All three of these see a two-fold development in our culture which is near the heart of the disintegration which threatens us: excessive individualism and secularization. It is twofold because the one leads to the other. Indeed, like malign cells in the body, they complement each other and feed off all around them. Excessive individualism has no room for the Other – and certainly no room for God. Secularism, by eliminating God, has nowhere to lead us except to worship the Self.

Scruton in his book, On Human Nature, reminds us of how Milton conjured the truth of our condition from the raw materials of Genesis, and in doing so set a standard for art which was truly human. We might add Dante, Shakespeare and Cervantes, like Milton, inheritors of the treasures of the High Middle Ages who have never been surpassed in their vision of what is is to be human and divine. Modern man and much of his literature, his philosophy, his politics, in his flight from God is a wrecker.
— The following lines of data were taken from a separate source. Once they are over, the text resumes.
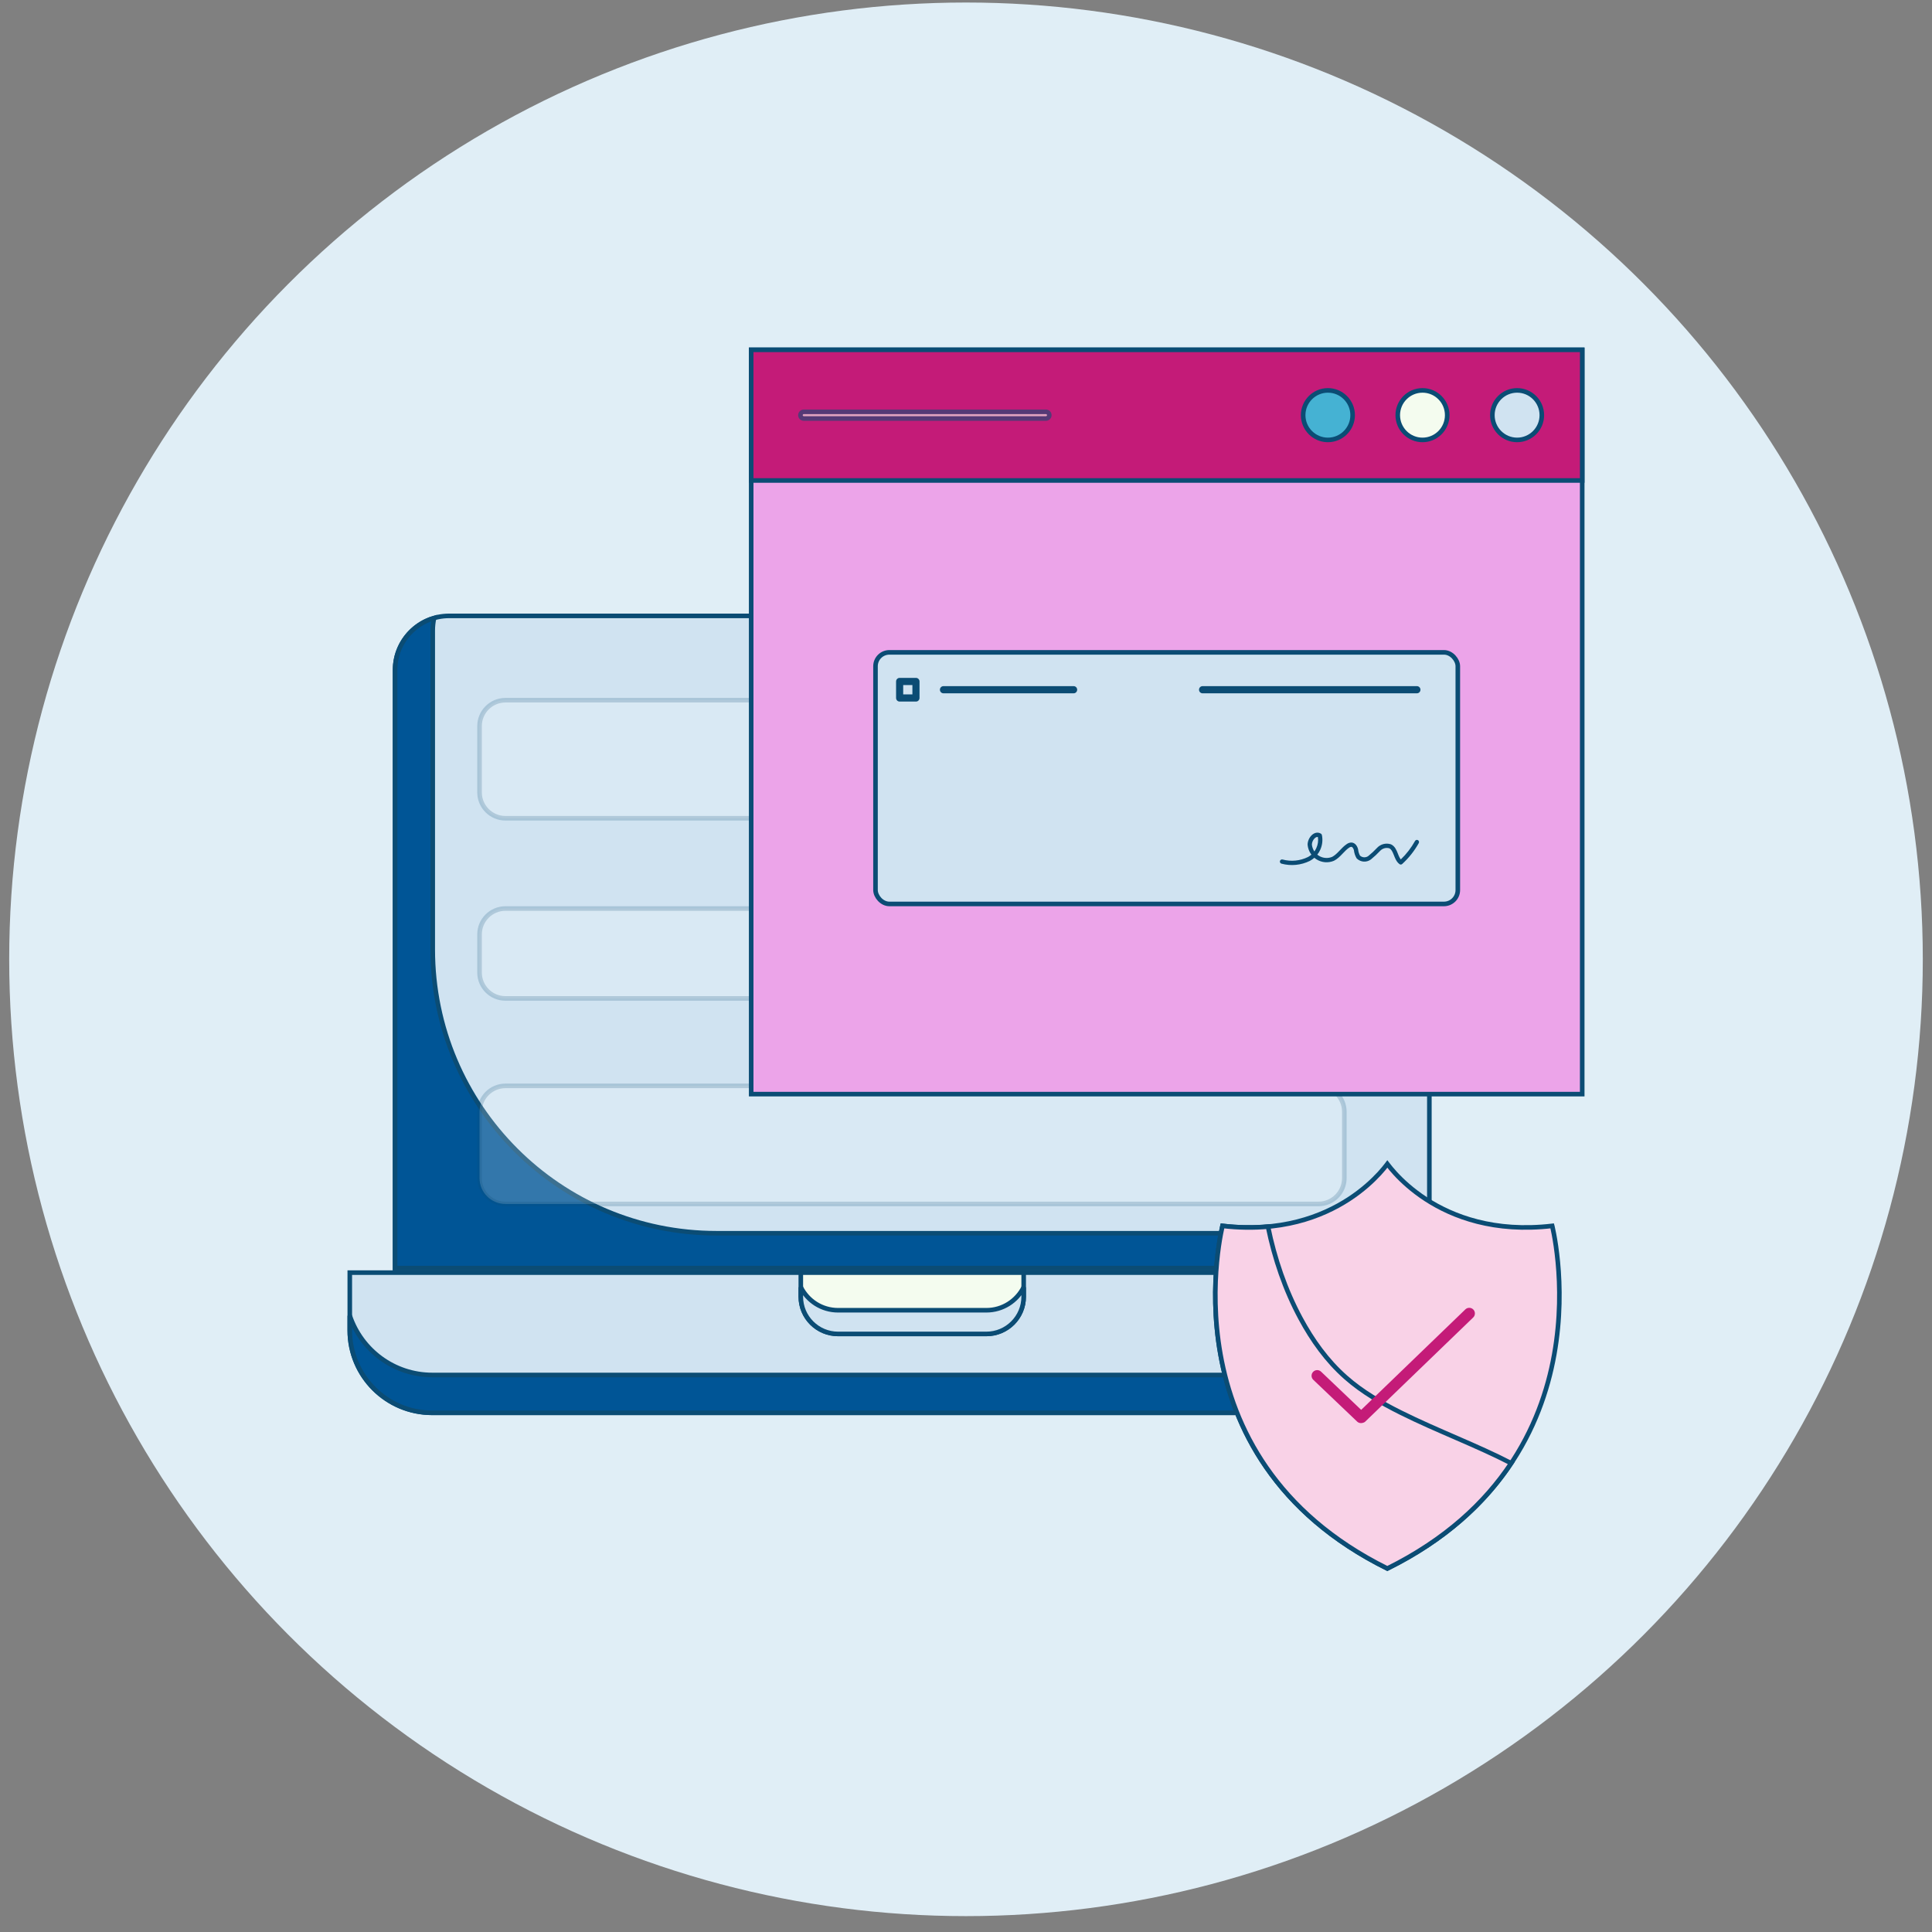 <svg width="105" height="105" viewBox="0 0 105 105" fill="none" xmlns="http://www.w3.org/2000/svg">
<rect x="0" y="0" width="105" height="105" fill="#808080" stroke="none"/>
<circle cx="52.5" cy="52.137" r="52" fill="#E0EEF6"/>
<path d="M24.41 33.472H74.745C76.367 33.472 77.683 34.788 77.683 36.411V68.918H21.471V36.411C21.471 34.788 22.787 33.472 24.41 33.472Z" fill="#D0E3F1" stroke="#0B4C74" stroke-width="0.249"/>
<path d="M23.591 33.59C23.544 33.807 23.518 34.033 23.518 34.265V51.599C23.518 60.118 30.424 67.024 38.943 67.024H77.683V68.917H21.471V36.408C21.471 35.07 22.367 33.943 23.591 33.59Z" fill="#005596" stroke="#0B4C74" stroke-width="0.249"/>
<path opacity="0.2" d="M27.47 49.376H45.645C46.422 49.376 47.052 50.006 47.052 50.783V52.855C47.052 53.632 46.422 54.263 45.645 54.263H27.47C26.693 54.263 26.062 53.632 26.062 52.855V50.783C26.062 50.006 26.693 49.376 27.47 49.376ZM27.47 38.054H71.655C72.432 38.054 73.062 38.684 73.062 39.461V43.063C73.062 43.84 72.432 44.471 71.655 44.471H27.47C26.693 44.471 26.062 43.84 26.062 43.063V39.461C26.063 38.684 26.693 38.054 27.47 38.054Z" fill="white" stroke="#0B4C74" stroke-width="0.249"/>
<path opacity="0.2" d="M27.47 59.015H71.655C72.432 59.015 73.062 59.645 73.062 60.422V64.025C73.062 64.802 72.432 65.432 71.655 65.432H27.47C26.693 65.432 26.062 64.802 26.062 64.025V60.422C26.063 59.645 26.693 59.015 27.47 59.015Z" fill="white" stroke="#0B4C74" stroke-width="0.249"/>
<path d="M80.147 69.165V72.314C80.146 74.782 78.145 76.783 75.677 76.783H23.48C21.011 76.783 19.01 74.782 19.01 72.314V69.165H80.147Z" fill="#D0E3F1" stroke="#0B4C74" stroke-width="0.249"/>
<path d="M19.01 71.506C19.641 73.379 21.411 74.727 23.496 74.727H75.661C77.746 74.727 79.515 73.379 80.147 71.507V72.297C80.147 74.775 78.138 76.784 75.661 76.784H23.496C21.019 76.784 19.01 74.775 19.01 72.297V71.506Z" fill="#005596" stroke="#0B4C74" stroke-width="0.249"/>
<path d="M55.635 69.165V70.478C55.635 71.593 54.73 72.497 53.615 72.497H45.541C44.426 72.497 43.522 71.593 43.522 70.478V69.165H55.635Z" fill="#F4FCEF" stroke="#0B4C74" stroke-width="0.249"/>
<path d="M43.522 69.958C43.896 70.7 44.661 71.209 45.549 71.209H53.607C54.495 71.209 55.26 70.7 55.635 69.959V70.471C55.635 71.59 54.727 72.497 53.607 72.497H45.549C44.43 72.497 43.522 71.59 43.522 70.471V69.958Z" fill="#D0E3F1" stroke="#0B4C74" stroke-width="0.249"/>
<path d="M85.99 19.012V59.463H40.825V19.012H85.99Z" fill="#ECA4E9" stroke="#0B4C74" stroke-width="0.249"/>
<path d="M85.99 19.012V26.113H40.825V19.012H85.99Z" fill="#C41B78" stroke="#0B4C74" stroke-width="0.249"/>
<g opacity="0.6">
<path d="M43.685 22.381H56.846C56.946 22.381 57.027 22.464 57.027 22.564C57.027 22.664 56.946 22.745 56.846 22.745H43.685C43.584 22.745 43.502 22.664 43.502 22.564C43.502 22.463 43.584 22.381 43.685 22.381Z" fill="#F4FCEF" stroke="#0B4C74" stroke-width="0.249"/>
</g>
<path d="M82.452 21.217C83.194 21.217 83.795 21.82 83.795 22.563C83.795 23.306 83.194 23.909 82.452 23.909C81.709 23.909 81.107 23.306 81.107 22.563C81.107 21.82 81.709 21.217 82.452 21.217Z" fill="#D0E3F1" stroke="#0B4C74" stroke-width="0.249"/>
<path d="M77.31 21.217C78.052 21.217 78.653 21.82 78.653 22.563C78.653 23.306 78.052 23.909 77.31 23.909C76.567 23.909 75.965 23.306 75.965 22.563C75.965 21.82 76.567 21.217 77.31 21.217Z" fill="#F4FCEF" stroke="#0B4C74" stroke-width="0.249"/>
<path d="M72.169 21.217C72.911 21.217 73.513 21.82 73.513 22.563C73.513 23.306 72.911 23.909 72.169 23.909C71.427 23.909 70.824 23.306 70.824 22.563C70.824 21.82 71.427 21.217 72.169 21.217Z" fill="#45B2D3" stroke="#0B4C74" stroke-width="0.249"/>
<path d="M75.433 63.302C75.522 63.419 75.655 63.584 75.835 63.78C76.195 64.171 76.74 64.682 77.486 65.169C78.963 66.131 81.219 66.99 84.36 66.624C84.363 66.635 84.366 66.648 84.369 66.662C84.391 66.755 84.42 66.894 84.454 67.073C84.522 67.431 84.604 67.951 84.665 68.593C84.787 69.879 84.82 71.655 84.468 73.621C83.766 77.536 81.532 82.205 75.399 85.245C69.267 82.205 67.034 77.536 66.332 73.621C65.98 71.655 66.013 69.879 66.135 68.593C66.195 67.951 66.278 67.431 66.346 67.073C66.379 66.894 66.409 66.755 66.431 66.662C66.434 66.648 66.437 66.635 66.439 66.624C69.581 66.99 71.838 66.131 73.314 65.169C74.06 64.682 74.605 64.171 74.965 63.78C75.145 63.585 75.278 63.419 75.367 63.302C75.379 63.287 75.389 63.27 75.399 63.257C75.41 63.271 75.421 63.286 75.433 63.302Z" fill="#F9D2E7" stroke="#0B4C74" stroke-width="0.249"/>
<path d="M66.439 66.625C67.334 66.729 68.157 66.733 68.912 66.664C69.269 68.399 69.841 70.091 70.682 71.652C71.321 72.84 72.121 73.96 73.14 74.858C74.034 75.648 75.076 76.248 76.134 76.775C77.139 77.276 78.179 77.723 79.211 78.172C80.201 78.602 81.183 79.035 82.13 79.522C80.718 81.645 78.588 83.665 75.399 85.245C69.267 82.205 67.034 77.535 66.332 73.62C65.98 71.654 66.013 69.878 66.135 68.593C66.195 67.95 66.278 67.431 66.346 67.073C66.379 66.894 66.409 66.755 66.431 66.662C66.434 66.649 66.436 66.636 66.439 66.625Z" fill="#F9D2E7" stroke="#0B4C74" stroke-width="0.249"/>
<path d="M73.767 77.269L71.375 74.99C71.253 74.874 71.248 74.68 71.365 74.557C71.481 74.435 71.675 74.43 71.798 74.547L73.977 76.623L79.639 71.162C79.76 71.045 79.954 71.049 80.072 71.17C80.189 71.292 80.186 71.486 80.064 71.603L74.191 77.268C74.132 77.325 73.911 77.402 73.767 77.269Z" fill="#C41B78"/>
<rect x="47.582" y="35.454" width="31.647" height="13.673" rx="0.754" fill="#D0E3F1" stroke="#0B4C74" stroke-width="0.249"/>
<path fill-rule="evenodd" clip-rule="evenodd" d="M65.164 37.485C65.164 37.377 65.25 37.29 65.357 37.29H77.006C77.112 37.29 77.199 37.377 77.199 37.485C77.199 37.593 77.112 37.68 77.006 37.68H65.357C65.25 37.68 65.164 37.593 65.164 37.485Z" fill="#0B4C74"/>
<path fill-rule="evenodd" clip-rule="evenodd" d="M71.277 45.402C71.402 45.276 71.596 45.191 71.789 45.307C71.817 45.324 71.837 45.352 71.843 45.384C71.899 45.657 71.866 45.941 71.748 46.194C71.706 46.285 71.654 46.37 71.592 46.448C71.621 46.471 71.651 46.493 71.683 46.512C71.79 46.577 71.911 46.617 72.036 46.626C72.16 46.636 72.284 46.616 72.399 46.569C72.539 46.496 72.655 46.383 72.78 46.253C72.792 46.24 72.805 46.227 72.817 46.214C72.929 46.096 73.052 45.968 73.199 45.87C73.268 45.822 73.349 45.794 73.433 45.789C73.435 45.789 73.437 45.789 73.439 45.789C73.552 45.789 73.638 45.85 73.696 45.92C73.753 45.99 73.79 46.076 73.809 46.155C73.81 46.16 73.811 46.166 73.812 46.172C73.823 46.288 73.858 46.4 73.914 46.502C73.974 46.555 74.05 46.587 74.129 46.592C74.214 46.597 74.297 46.573 74.365 46.522C74.535 46.385 74.695 46.235 74.845 46.075L74.845 46.074C74.939 45.976 75.057 45.907 75.187 45.873C75.317 45.839 75.454 45.843 75.583 45.883C75.588 45.885 75.592 45.886 75.597 45.888C75.806 45.985 75.894 46.198 75.961 46.366C75.966 46.378 75.97 46.39 75.975 46.402C76.005 46.478 76.032 46.547 76.066 46.61C76.086 46.648 76.107 46.681 76.13 46.709C76.436 46.416 76.697 46.077 76.904 45.705C76.936 45.648 77.007 45.629 77.063 45.66C77.118 45.692 77.138 45.763 77.107 45.82C76.87 46.245 76.566 46.629 76.207 46.956C76.166 46.994 76.105 46.997 76.061 46.964C75.97 46.897 75.908 46.809 75.861 46.72C75.821 46.645 75.788 46.562 75.759 46.487C75.754 46.476 75.75 46.464 75.745 46.453C75.675 46.276 75.616 46.158 75.506 46.104C75.421 46.079 75.331 46.077 75.245 46.1C75.157 46.123 75.077 46.17 75.013 46.236C74.856 46.404 74.688 46.561 74.509 46.706L74.505 46.709L74.505 46.709C74.393 46.793 74.255 46.835 74.115 46.826C73.975 46.817 73.843 46.758 73.742 46.661C73.734 46.653 73.728 46.645 73.722 46.635C73.646 46.503 73.598 46.356 73.582 46.204C73.568 46.152 73.545 46.104 73.517 46.069C73.49 46.036 73.465 46.024 73.442 46.023C73.401 46.026 73.363 46.04 73.33 46.063L73.327 46.065L73.327 46.065C73.203 46.147 73.098 46.257 72.983 46.377C72.971 46.39 72.959 46.403 72.947 46.415C72.821 46.547 72.681 46.687 72.5 46.78C72.497 46.782 72.494 46.783 72.491 46.784C72.342 46.846 72.18 46.872 72.019 46.86C71.858 46.847 71.701 46.797 71.563 46.713C71.517 46.684 71.473 46.653 71.432 46.618C71.359 46.682 71.279 46.738 71.192 46.785L71.189 46.787L71.189 46.787C70.709 47.023 70.161 47.077 69.645 46.938C69.583 46.922 69.546 46.858 69.562 46.795C69.579 46.733 69.643 46.696 69.705 46.712C70.166 46.836 70.656 46.788 71.085 46.577C71.152 46.541 71.214 46.498 71.272 46.448C71.254 46.424 71.237 46.4 71.221 46.375C71.135 46.237 71.082 46.08 71.066 45.918C71.066 45.914 71.065 45.91 71.065 45.906C71.065 45.721 71.152 45.528 71.277 45.402ZM71.433 46.273C71.473 46.218 71.509 46.158 71.538 46.094C71.626 45.906 71.656 45.696 71.626 45.491C71.57 45.478 71.507 45.501 71.441 45.568C71.358 45.652 71.299 45.783 71.298 45.901C71.311 46.025 71.352 46.144 71.418 46.25C71.422 46.258 71.428 46.265 71.433 46.273Z" fill="#0B4C74"/>
<path d="M77.003 40.237H69.283V41.782H77.003V40.237Z" fill="#D0E3F1"/>
<path fill-rule="evenodd" clip-rule="evenodd" d="M69.092 40.237C69.092 40.129 69.179 40.042 69.286 40.042H77.006C77.113 40.042 77.199 40.129 77.199 40.237V41.782C77.199 41.889 77.113 41.977 77.006 41.977H69.286C69.179 41.977 69.092 41.889 69.092 41.782V40.237ZM69.479 40.432V41.587H76.812V40.432H69.479Z" fill="#D0E3F1"/>
<path fill-rule="evenodd" clip-rule="evenodd" d="M51.082 37.485C51.082 37.377 51.169 37.29 51.276 37.29H58.349C58.456 37.29 58.542 37.377 58.542 37.485C58.542 37.593 58.456 37.68 58.349 37.68H51.276C51.169 37.68 51.082 37.593 51.082 37.485Z" fill="#0B4C74"/>
<path fill-rule="evenodd" clip-rule="evenodd" d="M48.7 37.036C48.7 36.929 48.786 36.841 48.893 36.841H49.781C49.888 36.841 49.974 36.929 49.974 37.036V37.933C49.974 38.041 49.888 38.129 49.781 38.129H48.893C48.786 38.129 48.7 38.041 48.7 37.933V37.036ZM49.087 37.232V37.738H49.587V37.232H49.087Z" fill="#0B4C74"/>
</svg>

“Take away religion, take away philosophy, take away the higher aims of art,” Scruton writes, “and you deprive ordinary people of the ways in which they can represent their apartness. Human nature, once something to live up to, becomes something to live down to instead. Biological reductionism nurtures this ‘living down,’ which is why people so readily fall for it. It makes cynicism respectable and degeneracy chic. It abolishes our kind — and with it our kindness” (P.49).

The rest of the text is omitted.